First one being that the Intel Core i9-9880H performs better than the AMD Ryzen 5 3600 even though in has a memory bandwidth of only [39.74 GiB/s](https://en.wikichip.org/wiki/intel/core_i9/i9-9880h) compared to [47.68 GiB/s](https://en.wikichip.org/wiki/amd/ryzen_5/3600).

Second one being that the alignment of the memory in the AVX step, did not change the performance in any noticeable way.

One can test it out by replacing `_mm256_load_si256` with `_mm256_loadu_si256` and `_mm256_store_si256` with `_mm256_storeu_si256` and reverting the changes to align the memory.

Lastly doing a calculation of the theoretical amount of transferred data, we are below the available bandwidth.

```

pixel = 27000*6000 = 162000000

duration = 30ms = 0.03s

pixel_per_iteration = 32

bytes_per_pixel = 3

iterations = pixel / pixel_per_iteration = 5062500

bytes_read_per_iteration = 128 // it is not bytes_per_pixel*pixel_per_iteration=3*32=96, because we are effectively reading so many bytes in this sequence: 32 - 16 - 32 - 16. But because each read is 32-bytes, it results in 4*32=128 bytes read. Because the CPU address width is 8-byte there are no considerations here with 32-byte aligned memory.

bytes_read = bytes_read_per_iteration * iterations = 128 * 5062500  = 648000000

bytes_written = pixel * bytes_per_pixel = 162000000 * 3 = 486000000

bytes_transferred = bytes_read + bytes_written = 648000000 + 486000000 = 1134000000

transfer_rate = bytes_transferred / duration = 1134000000 (byte) / 0.03s = 37800000000 b/s = 35,20 Gb/s 

```

### Latency and Throughput

Each SIMD functions has a different latency and throughput.

Latency means how many clock cycles it takes for the calculation to be complete and throughput means how much of a clock cycle the operations takes.

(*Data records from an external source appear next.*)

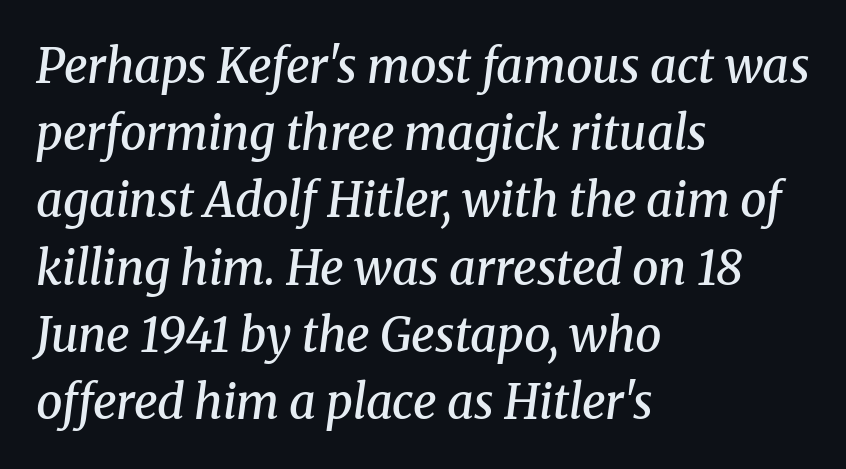
These lines are composed in type with serifs. The compositor pushed each line to the left boundary. Varying glyph widths throughout — classic text-font behaviour. Compared with typical paragraphs, the rows here are spaced about the same. The line texture is even and compact thanks to regular tracking. This is the in-between weight designers call semibold or demi.
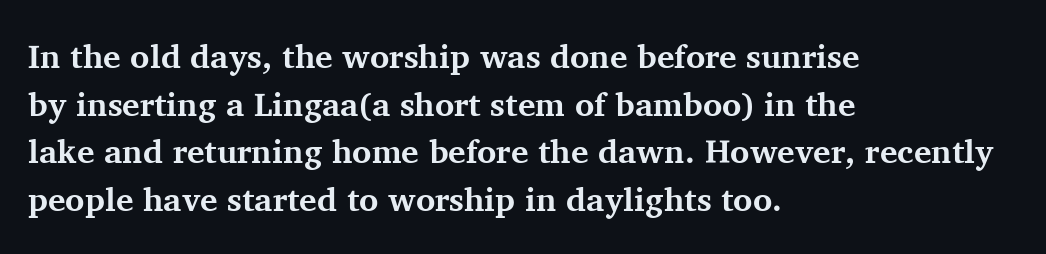
The image shows 33 px bold serif type, upright; set left-aligned, normal line spacing (1.44x), normal letter spacing, not underlined; medium stroke contrast and a medium x-height.
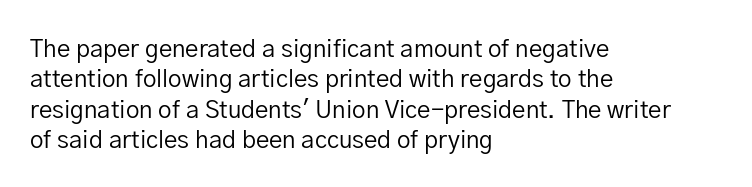
{"italic": "no", "bold": "no", "underline": "no", "align": "left", "line_spacing": "normal", "line_spacing_ratio": 1.27, "letter_spacing": "normal", "letter_spacing_em": 0.0, "glyph_px": 24}
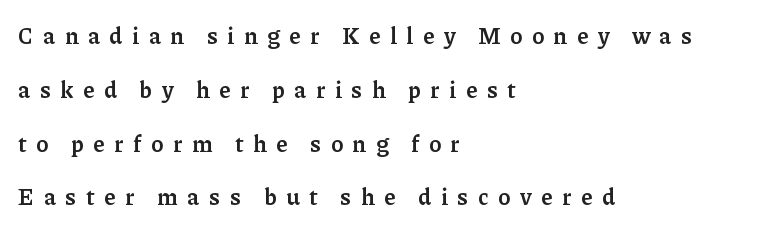
Firm but not heavy-handed strokes: this text is semibold. Regarding leading, the lines here are spaced well apart. The gap between lines stays unmarked. Italic? Not at all — the glyphs are vertical. The lines are quadded left.
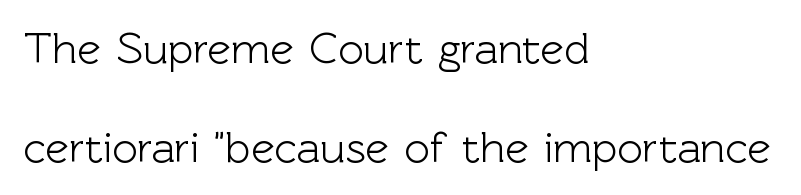
The image shows 44 px sans-serif type, upright; set left-aligned, loose line spacing (2.25x), normal letter spacing, not underlined; a medium x-height.
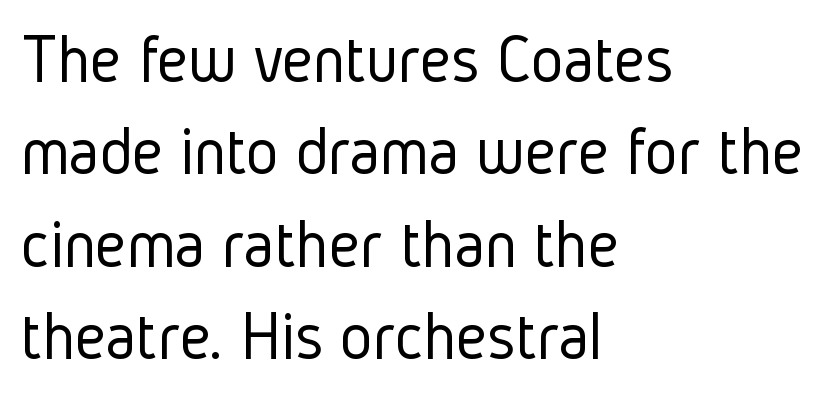
Q: Is the text bold? A: No.
Q: Is the text italic (slanted)? A: No, it is upright.
Q: Is the typeface a serif or a sans-serif typeface? A: Sans-serif.
Q: Is the text underlined? A: No.
Q: How is the paragraph aligned? A: Left-aligned.
Q: Is the spacing between letters normal or unusually wide? A: Normal.
Q: Is the spacing between lines tight, normal or loose? A: Normal.
Q: Width (condensed, normal, or wide)? A: Condensed.
Q: Stroke contrast? A: Low.
Q: x-height? A: Medium.
Q: Monospaced? A: No.
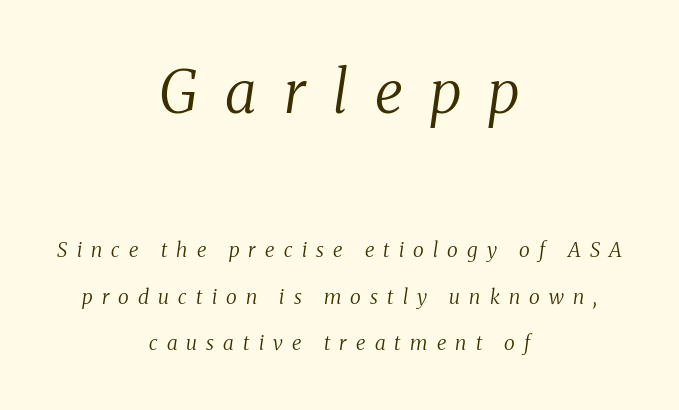
Q: Is the text bold? A: No.
Q: Is the text italic (slanted)? A: Yes, it leans right by about 8 degrees.
Q: Is the typeface a serif or a sans-serif typeface? A: Serif.
Q: Is the text underlined? A: No.
Q: How is the paragraph aligned? A: Centered.
Q: Is the spacing between letters normal or unusually wide? A: Unusually wide.
Q: Is the spacing between lines tight, normal or loose? A: Loose.
Q: Which block of text is set in a larger size, the first (top) or the second (bottom)? A: The first (top) one.
Q: Width (condensed, normal, or wide)? A: Normal.
Q: Stroke contrast? A: Medium.
Q: x-height? A: Medium.
Q: Monospaced? A: No.
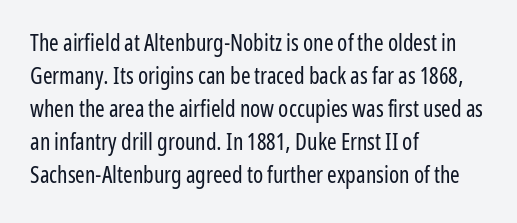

Taking [_mm256_load_si256](https://www.intel.com/content/www/us/en/docs/intrinsics-guide/index.html#text=_mm256_load_si256&ig_expand=1935,515,305,4291) as example on the Haswell architecture.

It has a latency of 1 and throughput of 0.25.

This mean we can load 4 independent datasets in a single clock cycle.

This is a source of optimization, that was not done here.

It could also be the source of the different benchmark results for the different algorithms between the CPUs.

Instead functions were selected purely on being able to arrange the bytes in a way that was needed.

The linked intrinsic guide is for Intel, so one for AMD would need to be found first.

### Number of Threads

This is something that can be further investigated.

Currently they were just discovered through trial and error without putting much thought behind them.

# Conclusion

Grayscale conversion is not suited to be computed with the GPU due to transfer 4 bytes of data for each pixel, which are 5 floating point operations in order to convert it to grayscale.

The CPU on the other hand is very suited with the easiest performance improvement being to parallelize it and grouping the memory access. This can be easily done because each calculation is independent from another one.

SIMD can be used to further improve it, but only in the very smallest margins at the cost of huge developer overhead.